Introduction to the Healthcare Data Quality Blog

Health care spending represents almost 20% of the United States GDP and just about every dollar of that spend is recorded on a medical or pharmacy claim creating one of the most useful sources of data in existence. Despite huge gains in standardization over the last twenty years administrative claims data remains one of the hardest sources of information to unlock in a reliable and repeatable way. As payers shift more and more risk to providers and create increasingly complicated reimbursement contracts the importance (and complexity!) of this data source continues to grow.
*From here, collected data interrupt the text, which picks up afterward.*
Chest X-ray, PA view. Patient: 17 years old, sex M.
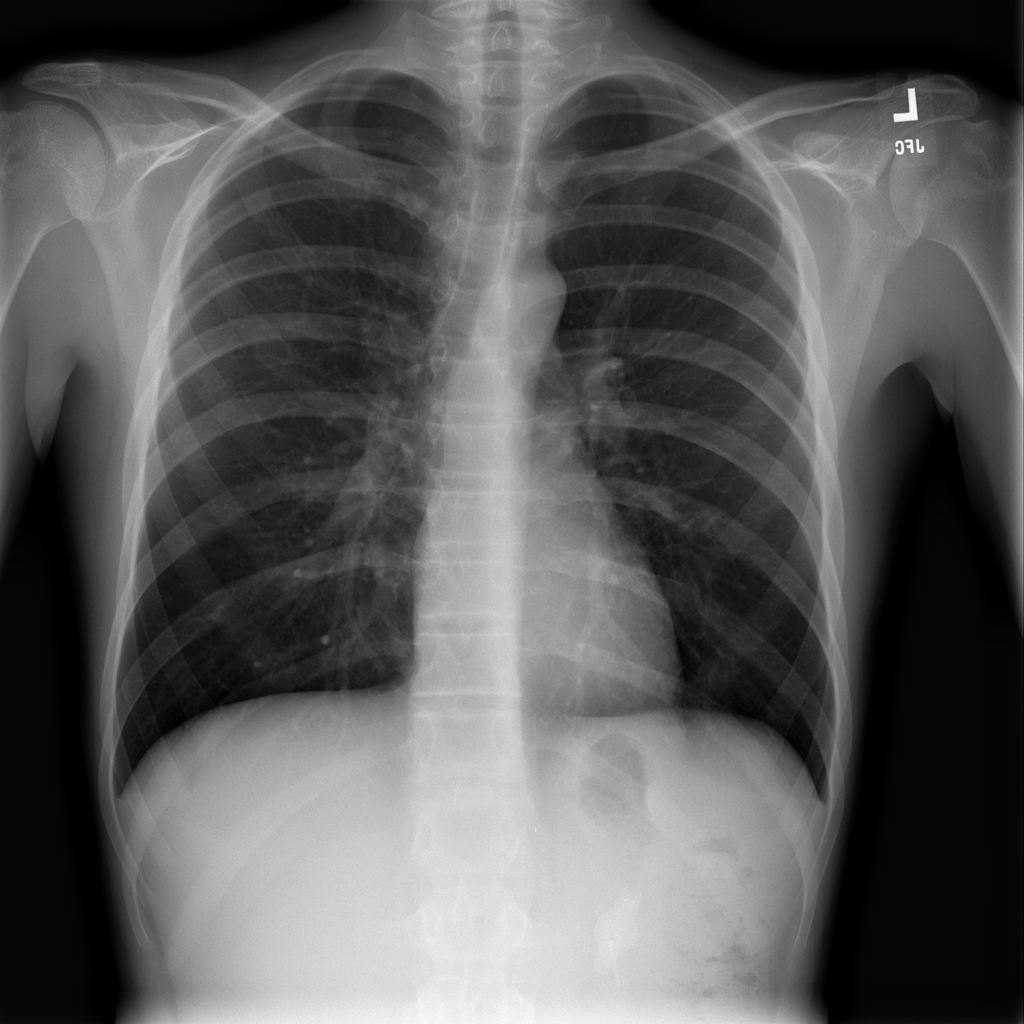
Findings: No Finding
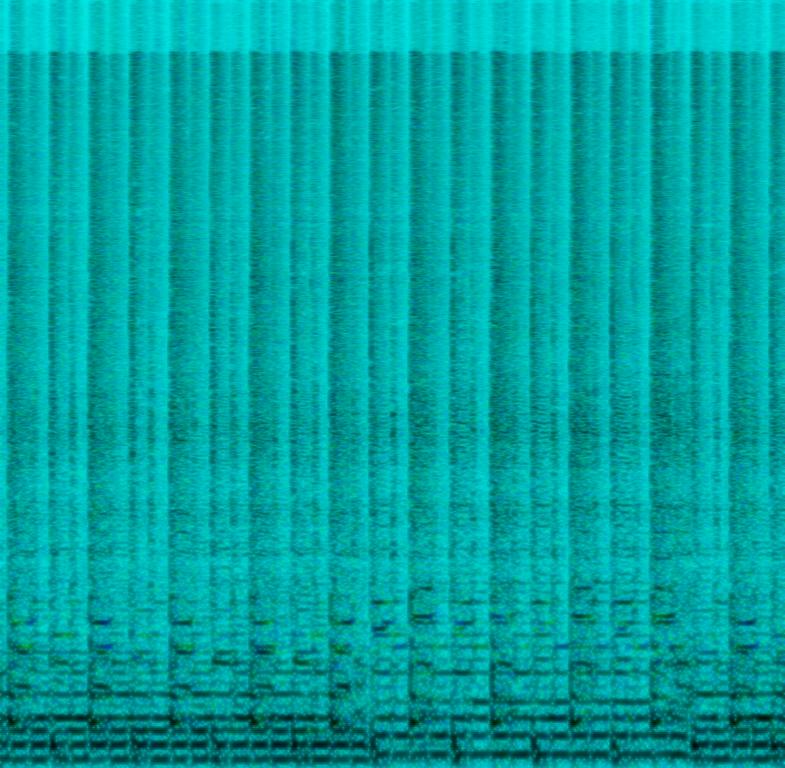
This is an instrumental rock and roll music piece. An overdriven electric guitar is playing the melody while a bass guitar is playing the background. There is a basic rock drum beat keeping the rhythmic structure. There is a groovy, easygoing atmosphere. This music could be played in the background at a rock bar or a sports venue.
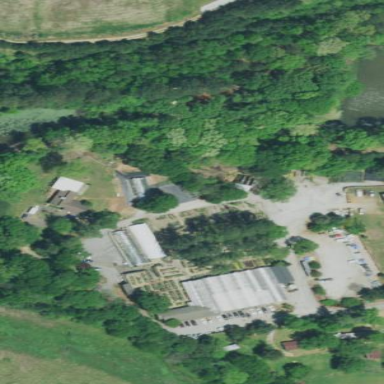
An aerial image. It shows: Garden center.
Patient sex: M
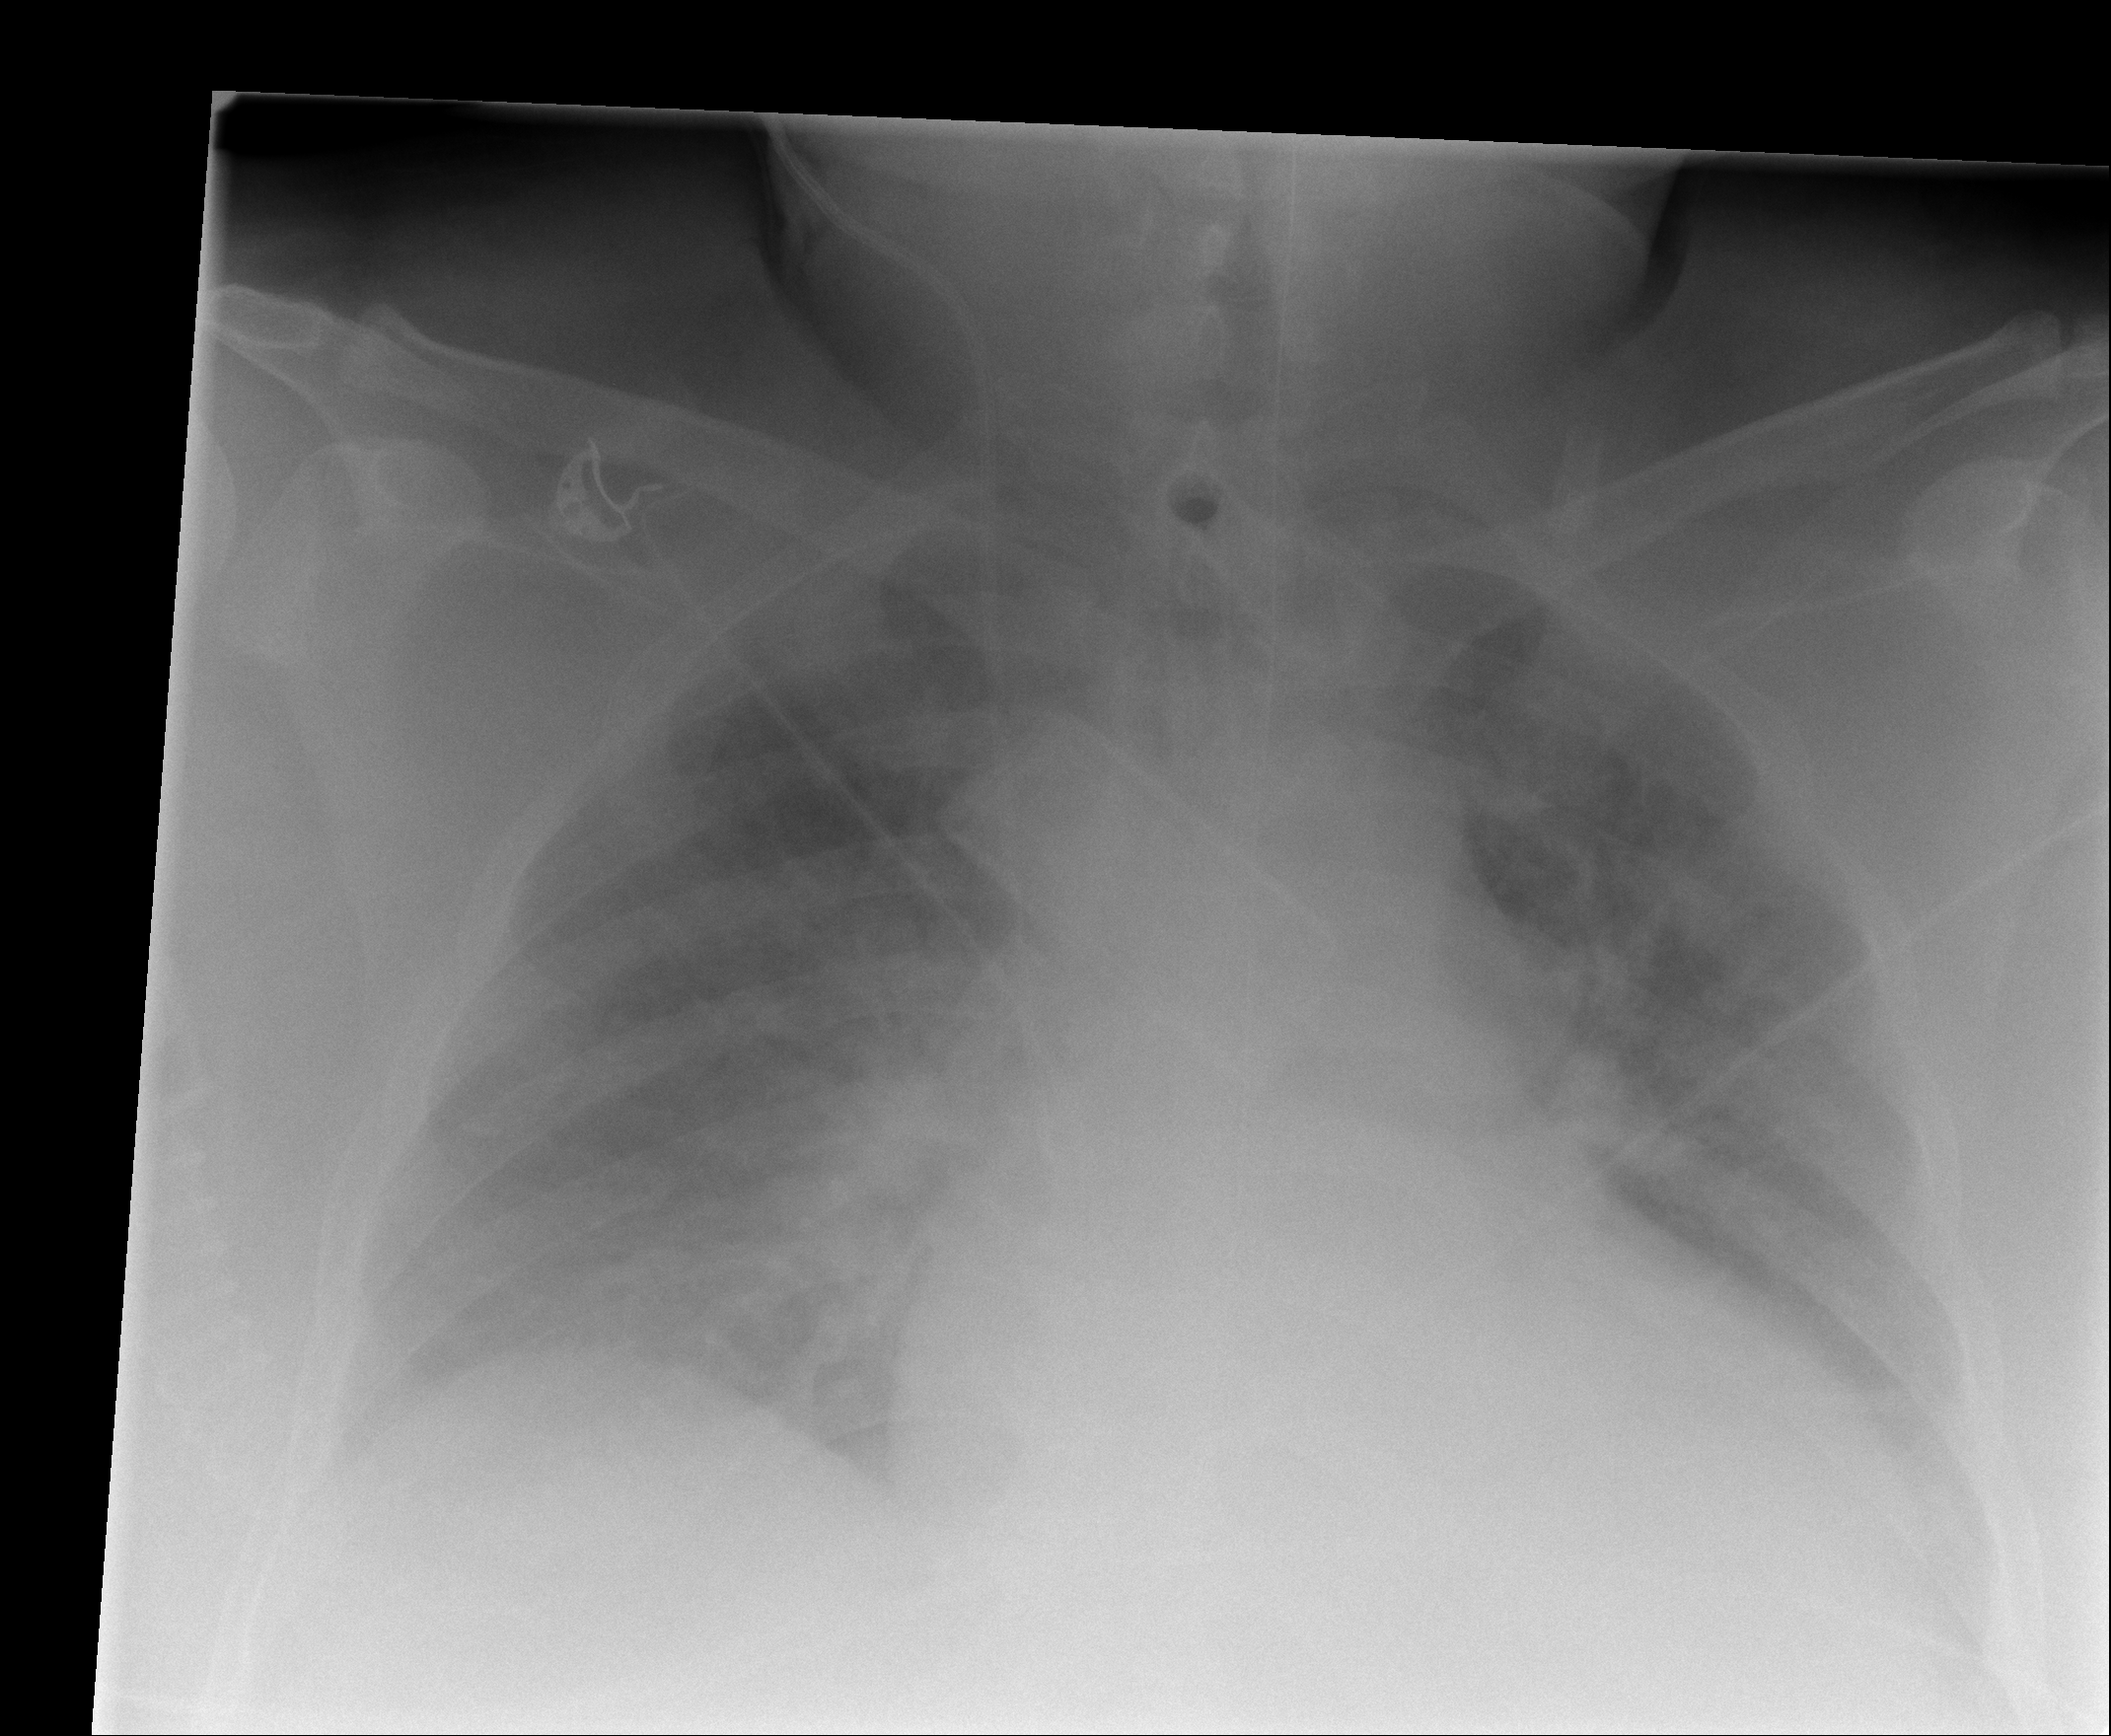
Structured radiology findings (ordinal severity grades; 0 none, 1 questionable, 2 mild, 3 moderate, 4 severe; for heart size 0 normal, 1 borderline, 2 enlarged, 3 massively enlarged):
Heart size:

I’ve been working with claims data for twenty years. I’ve used this data to create risk adjustment models used by both commercial payers and Medicare, predictive models used for population health targeting, program evaluations, quality measurement, disease burden and cost effectiveness studies, as well as bundled payment and accountable care research. For any of this to be useful the first and most important step is to create a reliable and correctly interpreted database of medical claims, pharmacy claims, and enrollment data.

Unfortunately this data generally arrives with no instruction manual and plenty of room for misinterpretation and error. Through this blog I hope to identify common (and less common but important) ways that health care data is transformed, blinded, and misinterpreted. Using the Freedman Healthcare‘s data publishing system I will highlight ways to identify issues as well as determining which fields can be trusted when conflicts occur.